In conclusion, we have successfully determined the values of b and c for the quadratic equation x^2 + bx + c = 0, given that it has only one solution, x = -15. Through the application of three distinct methods – factoring perfect square trinomials, using the discriminant, and employing Vieta's formulas – we arrived at the consistent result: b = 30 and c = 225. This problem not only reinforces our understanding of quadratic equations but also highlights the versatility of algebraic techniques in problem-solving.

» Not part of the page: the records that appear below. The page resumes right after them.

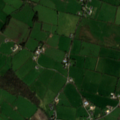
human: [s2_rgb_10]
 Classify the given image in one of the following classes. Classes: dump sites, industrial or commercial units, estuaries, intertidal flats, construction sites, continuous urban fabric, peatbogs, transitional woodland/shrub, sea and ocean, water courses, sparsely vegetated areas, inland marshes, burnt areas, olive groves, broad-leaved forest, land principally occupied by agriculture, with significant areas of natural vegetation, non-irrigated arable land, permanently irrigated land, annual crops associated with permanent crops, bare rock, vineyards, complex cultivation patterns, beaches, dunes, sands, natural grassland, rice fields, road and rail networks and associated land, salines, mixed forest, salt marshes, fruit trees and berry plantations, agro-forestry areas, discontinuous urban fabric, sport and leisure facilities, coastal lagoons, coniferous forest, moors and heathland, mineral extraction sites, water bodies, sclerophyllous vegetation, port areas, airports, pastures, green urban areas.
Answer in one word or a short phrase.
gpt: pastures
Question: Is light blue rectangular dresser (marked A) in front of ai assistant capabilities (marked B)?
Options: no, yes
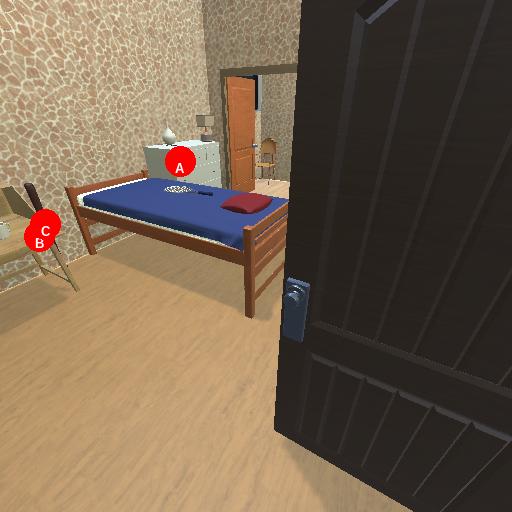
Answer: no
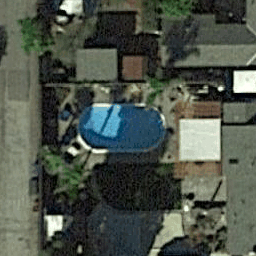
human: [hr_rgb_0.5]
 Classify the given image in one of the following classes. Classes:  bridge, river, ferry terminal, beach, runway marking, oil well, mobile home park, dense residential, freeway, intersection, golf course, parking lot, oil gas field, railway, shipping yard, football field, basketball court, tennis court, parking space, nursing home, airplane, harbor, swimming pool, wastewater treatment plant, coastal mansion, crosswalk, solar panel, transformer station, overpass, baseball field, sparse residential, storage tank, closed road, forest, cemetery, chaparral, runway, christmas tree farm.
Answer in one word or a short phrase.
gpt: swimming pool
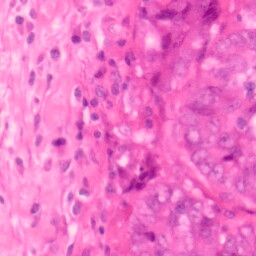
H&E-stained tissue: Colon
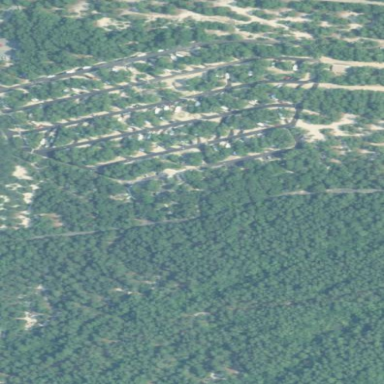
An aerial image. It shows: Campsite designated for tourism.
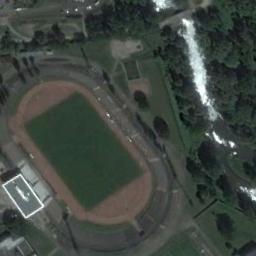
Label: ground_track_field
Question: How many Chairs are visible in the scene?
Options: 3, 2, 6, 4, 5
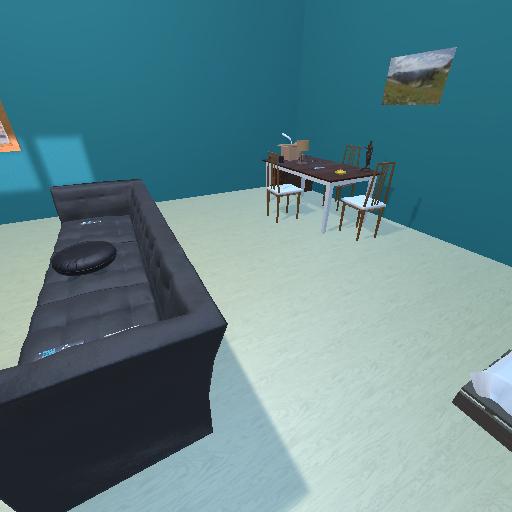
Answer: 3
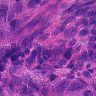
Metastatic tissue present: yes
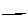
Label: line
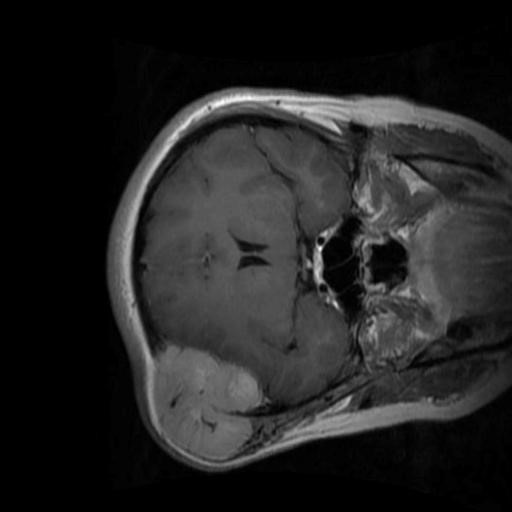
Label: brain_menin
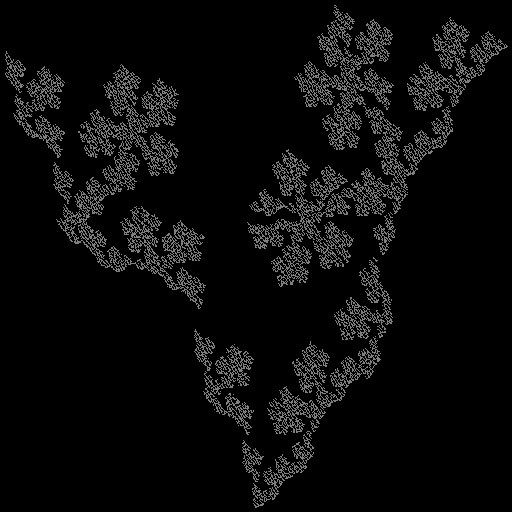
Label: penta
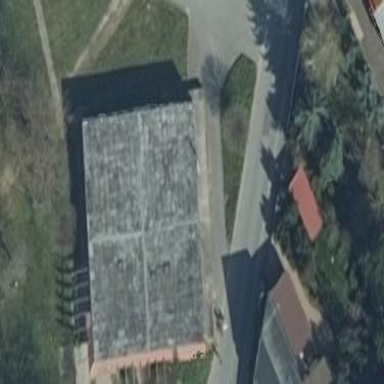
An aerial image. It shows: Building.
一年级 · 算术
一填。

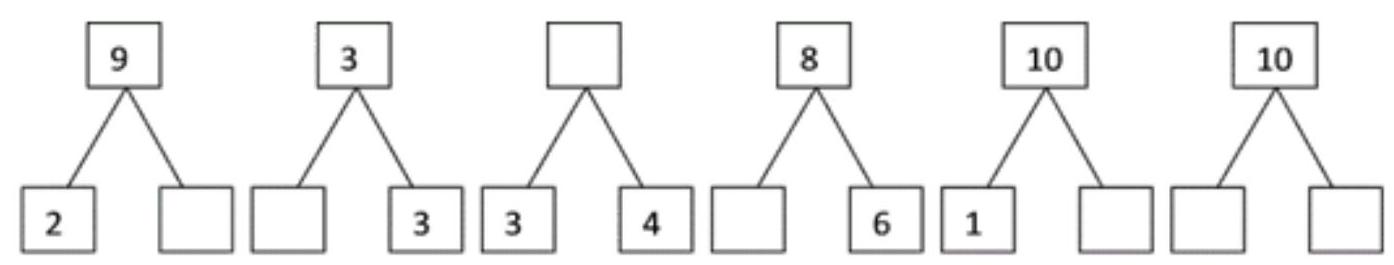
答案: ; 0; 7; 2; 9; 5、 5
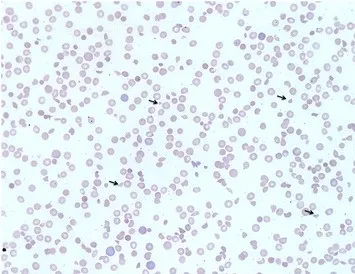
Peripheral blood smear demonstrating extensive presence of schistocytes.
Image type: pathology (giemsa)
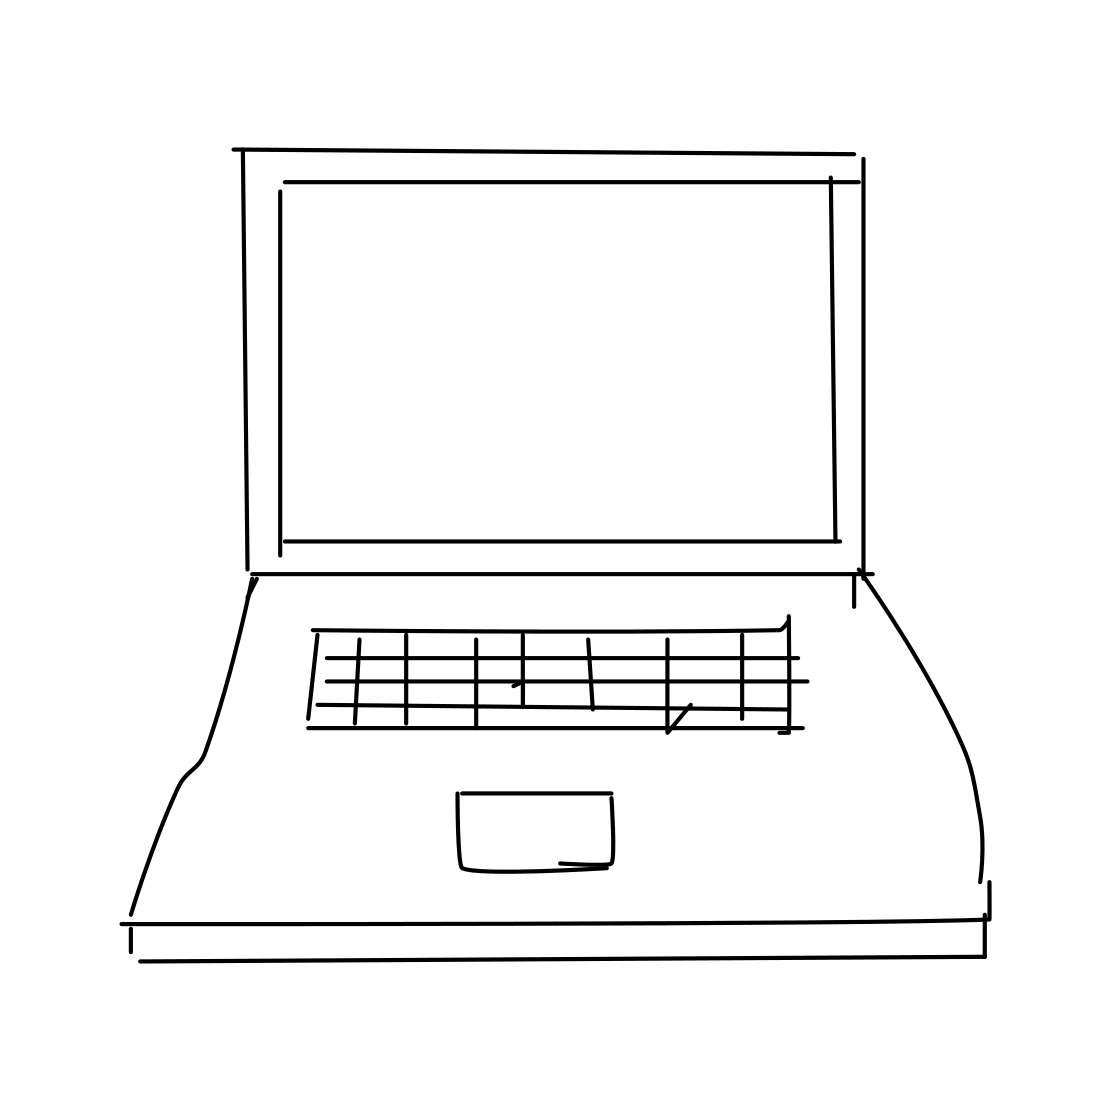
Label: laptop
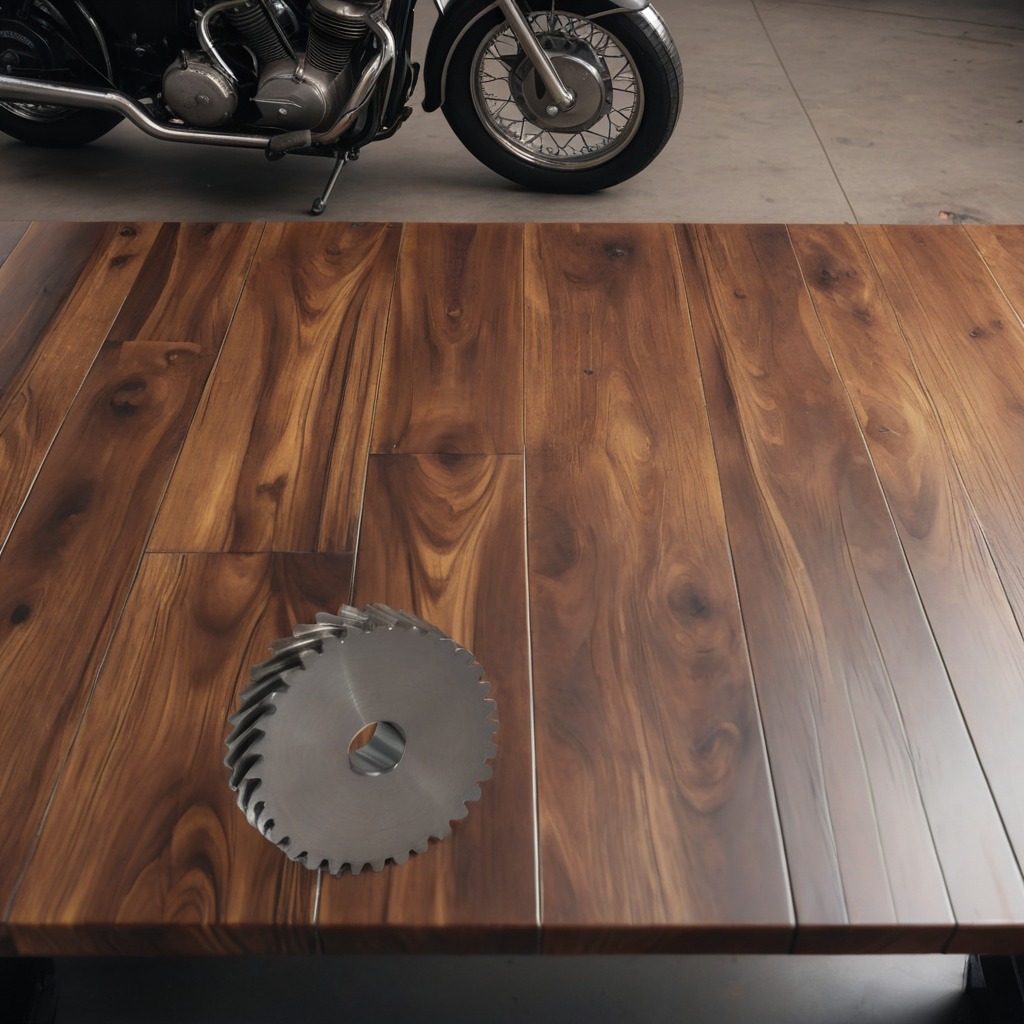
A steel gear with teeth is lying on the wooden table in the vintage motorcycle garage.
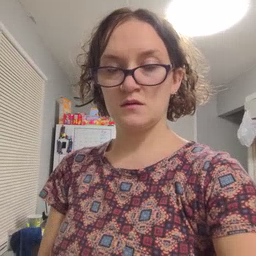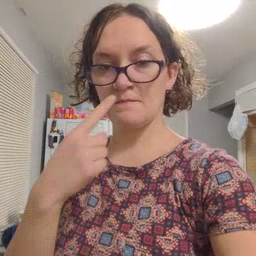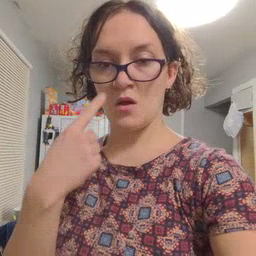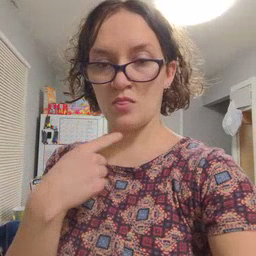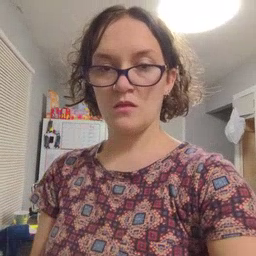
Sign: mouth
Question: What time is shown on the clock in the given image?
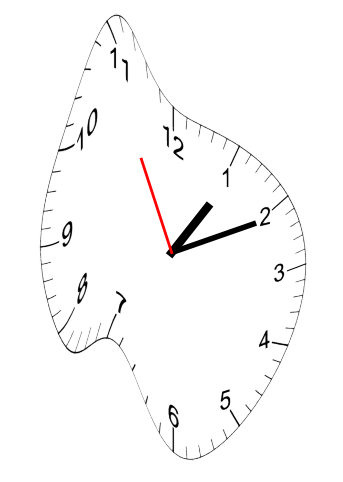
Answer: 01:10:55
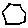
Label: hexagon
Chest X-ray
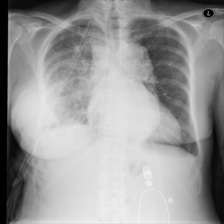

The fact that we could approach the problem from multiple angles, each with its own unique perspective, underscores the richness and interconnectedness of mathematical concepts. Each method offered valuable insights. Factoring perfect square trinomials emphasized the relationship between the single solution and the structure of the quadratic equation. The discriminant method showcased its utility in determining the nature of the roots and setting up a system of equations. Vieta's formulas provided a direct and elegant solution, demonstrating the power of established mathematical relationships. The consistency of the results across these methods further validates our solution and reinforces our confidence in the applied techniques. Moreover, this exploration serves as a reminder that effective problem-solving often involves choosing the most appropriate method based on the given information and the desired level of efficiency. The journey through these methods has not only provided a solution to the specific problem but also enhanced our mathematical toolkit and problem-solving acumen. The values of b = 30 and c = 225 complete the quadratic equation, which can be expressed as x^2 + 30x + 225 = 0, or equivalently, (x + 15)^2 = 0. This final form clearly demonstrates why x = -15 is the only solution, solidifying our understanding of the problem and its solution.